For now, we shall begin with the first steps in determining maxima and minima of a function.
Absolute Maxima & Minima
The blue graph has an absolute maximum near $x=2.$
The red graph has an absolute minimum near $x=2.$
Maxima & Minima
Let $f$ be a function defined over an interval $I$ and let $c \in I.$
We say $f$ has an absolute maximum on $I$ at $c$ if $f(c) \geq f(x)$ for all $x \in I.$
We say $f$ has an absolute minimum on $I$ at $c$ if $f(c) \leq f(x)$ for all $x \in I.$
If$f$ has an absolute maximum on $I$ at $c$ or an absolute minimum on $I$ at $c,$ we say $f$ has an absolute extremum on $I$ at $c.$
The Extreme Value Theorem
If $f$ is a continuous function over the closed and bounded interval $[a,b],$ then there is a point in $[a,b]$ at which $f$ has an absolute maximum over $[a,b]$ and there is a point in $[a,b]$ at which $f$ has an absolute minimum over $[a,b].$
The Extreme Value Theorem
The function $f$ below is a continuous function over the closed and bounded interval $[1,4],$ The Extreme Value Theorem guarantees that this function has an absolute maximum and minimum on the interval $[1,4].$
The absolute minimum occurs at $x=2,$ and the absolute maximum occurs at the endpoint $x=4.$
Dire Warning
If the conditions of the EVT are not met, then all bets are off.
If:
1. $f$ is not continuous somewhere in the interval, or
2. the interval being considered is not closed and bounded,
then $f$ might have absolute extrema on the interval, but then again, it might not.

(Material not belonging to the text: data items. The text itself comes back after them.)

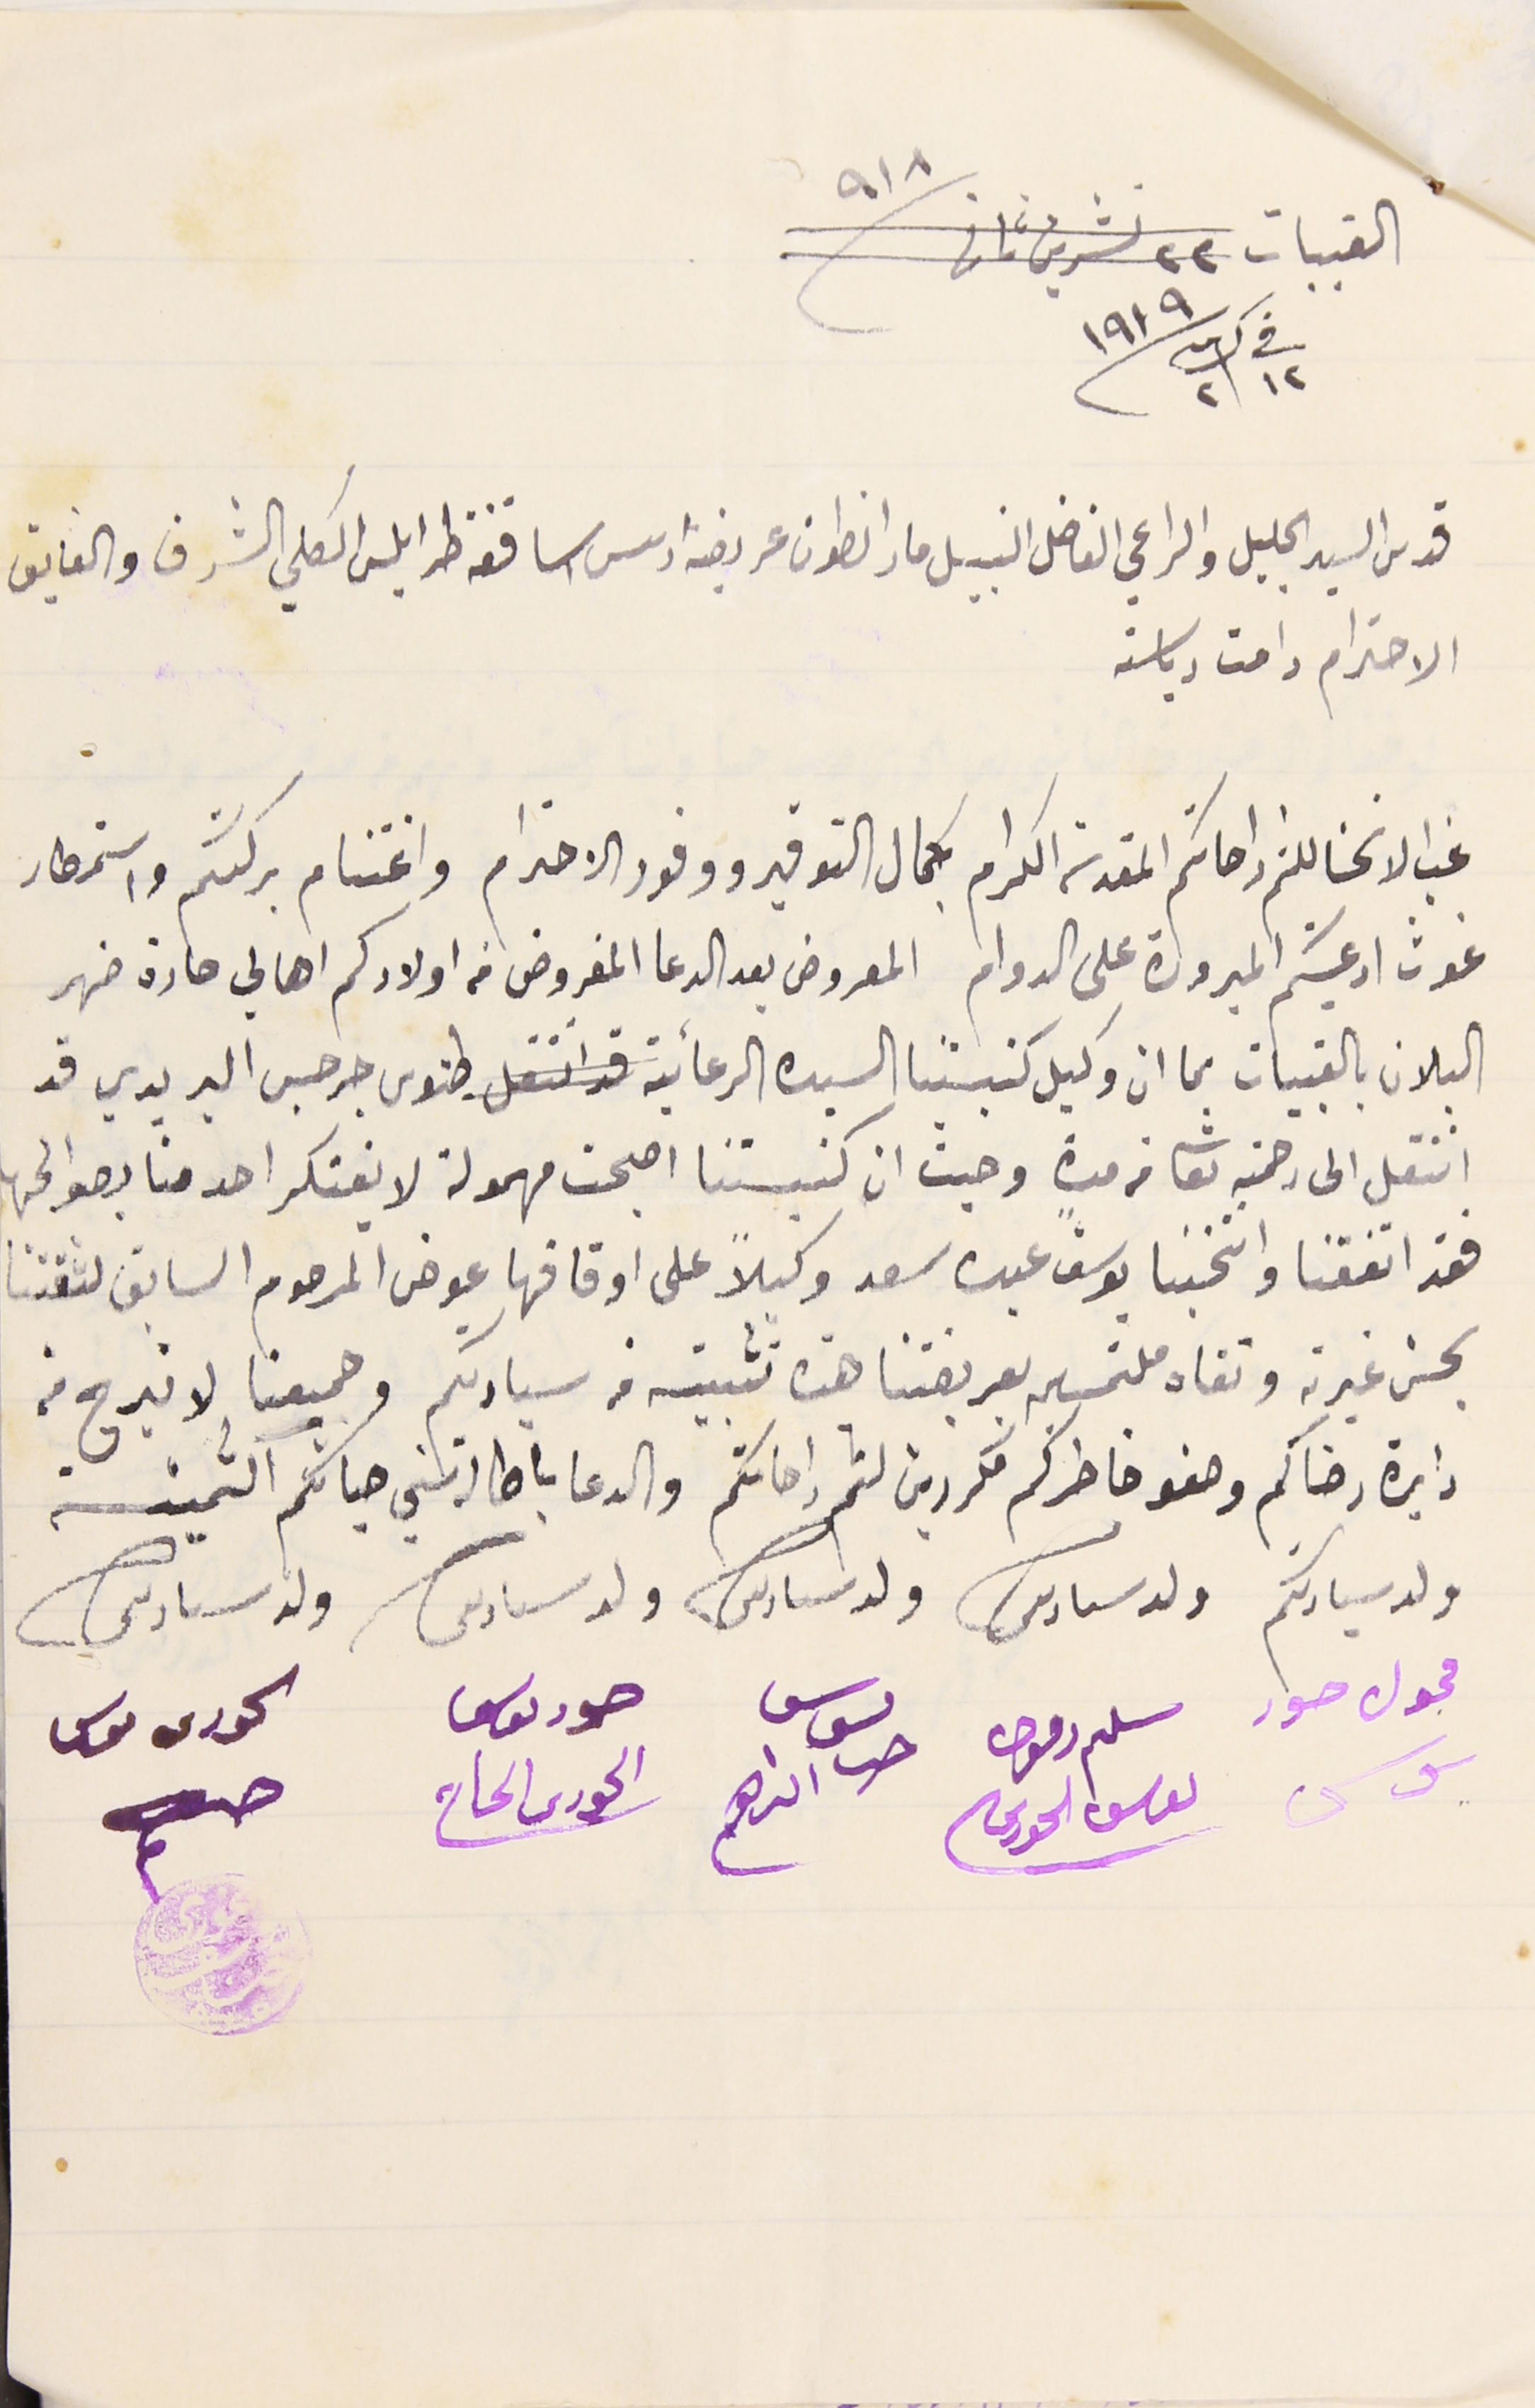
القبيات ٢٢ تشرين ثانى ١٩١٨
فى ١٢ ك٢ ١٩١٩
قدس السيد الجليل والراعي الفاضل النبيل مار انطون عريضه رىس اساقفة طرابلس الكلي الشرف والفايق
الاحترام دامت رياستة
غب الانحنا للثم راحاتكم المقدسة الكرام بكمال التوفير ووفور الاحترام واغتنام بركتكم واستمطار
غوث ادعيتكم المبرورة على الدوام المعروض بعد الدعا المفروض من اولادكم اهالي حارة ضهر
البلان بالقبيات بما ان وكيل كنيستنا السيده الرعائية قد انتقل طنوس جرجس البريدي قد
انتقل الى رحمته تعالى من مدةٍ وحيث ان كنيستنا اصبحت مهمولة لا يفتكر احد منا بصوالحها
فقد اتفقنا وانتخبنا يوسف عبده سعد وكيلاً على اوقافها عوض المرحوم السابق لثقتنا
بحسن غيرته وتقاه ملتمسين بعريضتنا هذه تثبيته من سيادتكم وجميعنا لا نبرح منه
دايرة رضاكم وصفو خاطركم مكررين لثم راحاتكم والدعا باطالة سني حياتكم الثمينة
ولد سيادتكم ولد سىادىكم ولد سىادىكم ولد سىادىكم ولد سىادىكم
محول حور                     سلىم دفون                               ىوسف حىا                حود ىوسف                           الحورى موسى
يوسى                                 ىوسف الحورى                          اىراهم                    الحورى الحاج
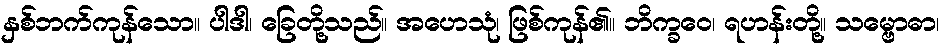
နှစ်ဘက်ကုန်သော။ ပါဒါ၊ ခြေတို့သည်။ အဟေသုံ၊ ဖြစ်ကုန်၏။ ဘိက္ခဝေ၊ ရဟန်းတို့။ သမ္ဗောဓာ၊
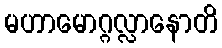
မဟာမောဂ္ဂလ္လာနောတိ
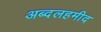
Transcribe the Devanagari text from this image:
अब्दलहमीद
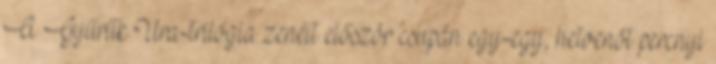
A Gyűrűk Ura-trilógia zenéit először csupán egy-egy, hetvenöt percnyi
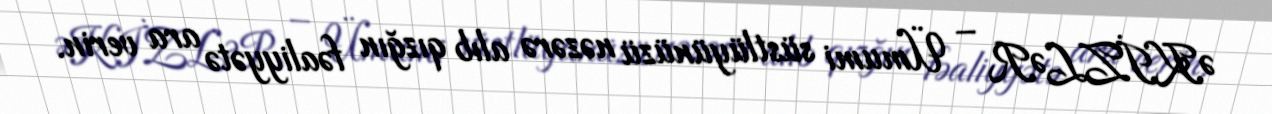
ƏKİZLƏR – Ümumi süstlüyünüzü nəzərə alıb qızğın fəaliyyətə ara verin.
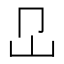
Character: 𡴺
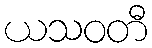
ယသဝတီ
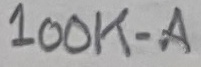
Text: 100K-A
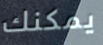
يمكنك
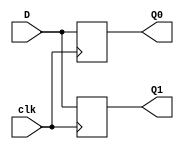
`timescale 1ns / 1ps
//////////////////////////////////////////////////////////////////////////////////

// ID          : N180116
//Branch       : ECE
//Project Name : RTL design using Verilog
//Design  Name : Blocking and Non Blocking Design
//Module  Name : blocking
//RGUKT NUZVID 
//////////////////////////////////////////////////////////////////////////////////


module blocking(clk,D,Q0,Q1);
input clk,D;
output reg Q0,Q1;

always@(posedge clk)
begin
	Q0	=	D;
	Q1	=	Q0;
end
 
endmodule
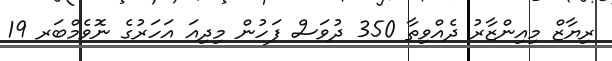
ރިޔާޒް މިއިންޒާރު ދެއްވިތާ 350 ދުވަސް ފަހުން މިދިއަ އަހަރުގެ ނޮވެމްބަރ 19
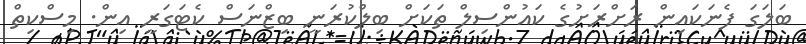
ބަލަގަ ފެނަކައިން ރަށްރަށުގެ ކައުންސިލް ތަކަށް ބިލްކުރަނީ ބިޒްނަސް ކެޓަގަރީ އިން. މިސްކިތް
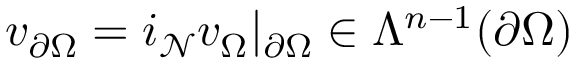
v _ { \partial \Omega } = i _ { \mathcal { N } } v _ { \Omega } | _ { \partial \Omega } \in \Lambda ^ { n - 1 } ( \partial \Omega )
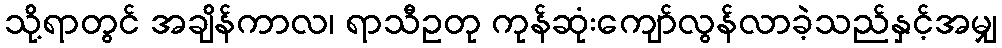
သို့ရာတွင် အချိန်ကာလ၊ ရာသီဥတု ကုန်ဆုံးကျော်လွန်လာခဲ့သည်နှင့်အမျှ
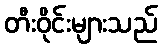
တီးဝိုင်းများသည်
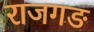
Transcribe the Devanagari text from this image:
राजगङ
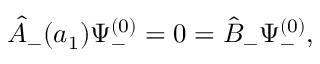
{ \hat { A } } _ { - } ( a _ { 1 } ) \Psi _ { - } ^ { ( 0 ) } = 0 = { \hat { B } } _ { - } \Psi _ { - } ^ { ( 0 ) } ,
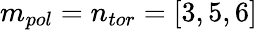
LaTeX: m_{pol}=n_{tor}=[3,5,6]
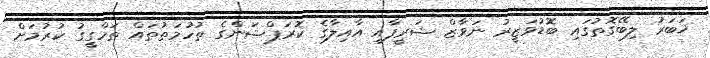
ޚަބަރު ލިބޭގޮތުގައި ބޮޑުވަޒީރު ނަވާޒް ޝަރީފާއި އާއިލާގެ ކޮރަޕްޝަންގެ ތުހުމަތުތައް ތަހްގީގު ކުރުމަށް
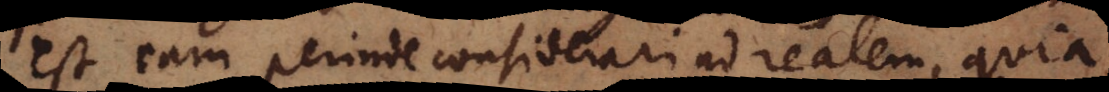
est eam perinde considerari ad realem, quia
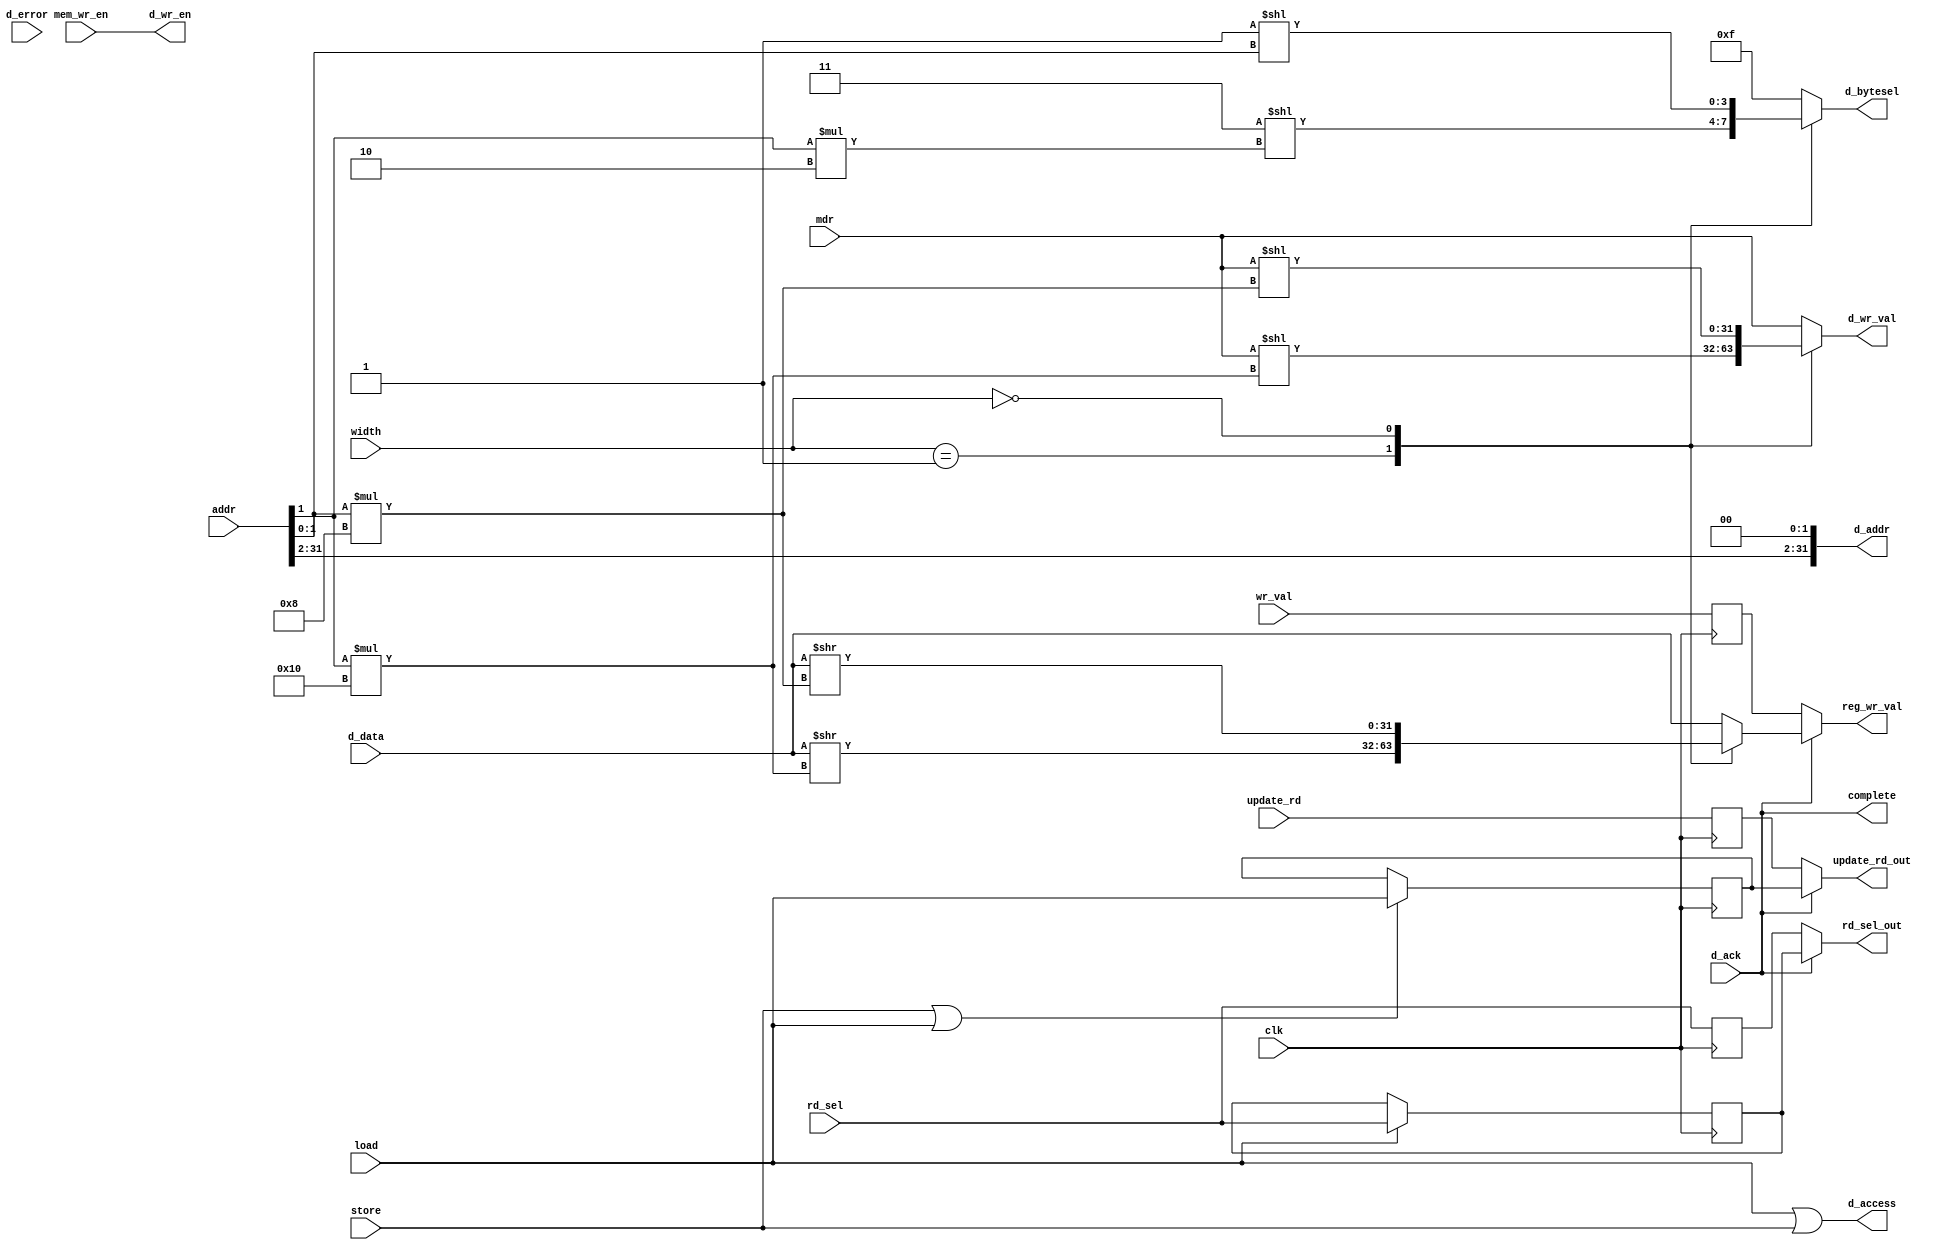
module oldland_memory(input wire clk,
		      input wire load,
		      input wire store,
		      input wire [31:0] addr,
		      input wire [31:0] mdr,
		      input wire mem_wr_en,
		      input wire [1:0] width,
		      input wire [31:0] wr_val,
		      input wire update_rd,
		      input wire [2:0] rd_sel,
		      output wire [31:0] reg_wr_val,
		      output wire update_rd_out,
		      output wire [2:0] rd_sel_out,
		      output wire complete,
		      /* Signals to data bus */
		      output wire [31:0] d_addr,
		      output reg [3:0] d_bytesel,
		      output wire d_wr_en,
		      output reg [31:0] d_wr_val,
		      input wire [31:0] d_data,
		      output wire d_access,
		      input wire d_ack,
		      input wire d_error);

reg [31:0] wr_val_bypass;
reg update_rd_bypass = 1'b0;
reg [31:0] mem_rd_val;

assign d_addr = {addr[31:2], 2'b00};
assign d_wr_en = mem_wr_en;
assign d_access = load | store;

reg [2:0] rd_sel_out_bypass = 3'b0;
reg [2:0] mem_rd = 3'b0;
reg mem_update_rd = 1'b0;

assign reg_wr_val = complete ? mem_rd_val : wr_val_bypass;
assign complete = d_ack;
assign update_rd_out = complete ? mem_update_rd : update_rd_bypass;
assign rd_sel_out = complete ? mem_rd : rd_sel_out_bypass;

initial begin
	wr_val_bypass = 32'b0;
	d_bytesel = 4'b0;
	d_wr_val = 32'b0;
	mem_rd_val = 32'b0;
end

always @(posedge clk) begin
	update_rd_bypass <= update_rd;
	wr_val_bypass <= wr_val;
	rd_sel_out_bypass <= rd_sel;

	if (load)
		mem_rd <= rd_sel;
	if (store || load)
		mem_update_rd <= load;
end

/* Byte enables and rotated data write value. */
always @(*) begin
	case (width)
	2'b10: begin
		d_bytesel = 4'b1111;
		d_wr_val = mdr;
		mem_rd_val = d_data;
	end
	2'b01: begin
		d_bytesel = 4'b0011 << (addr[1] * 2);
		d_wr_val = mdr << (addr[1] * 16);
		mem_rd_val = d_data >> (addr[1] * 16);
	end
	2'b00: begin
		d_bytesel = 4'b0001 << addr[1:0];
		d_wr_val = mdr << (addr[1:0] * 8);
		mem_rd_val = d_data >> (addr[1:0] * 8);
	end
	default: begin
		d_bytesel = 4'b1111;
		d_wr_val = mdr;
		mem_rd_val = d_data;
	end
	endcase
end

endmodule
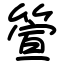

In this situation there are no guarantees.
Examples
The functions below all occur on the unbounded interval $(-\infty,\infty).$ The EVT does not apply.
However, notice sometimes there are absolute maxima and minima, and sometimes there are not. This shows there are no guarantees if the conditions (hypotheses) if the EVT are not met.
Example
The functions below take values on a closed and bounded interval, but the function is not continuous. The EVT does not apply.
However, notice sometimes there are absolute maxima and minima, and sometimes there are not. This shows there are no guarantees if the conditions (hypotheses) if the EVT are not met.
Example
The function below is continuous, but takes values on a bounded interval which is not closed. The EVT does not apply.
Local Extrema
A function $f$ need not have absolute extrema (absolute maxima or minima), especially if $f$ is either not continuous at some point, or the domain of the function is not closed and bounded.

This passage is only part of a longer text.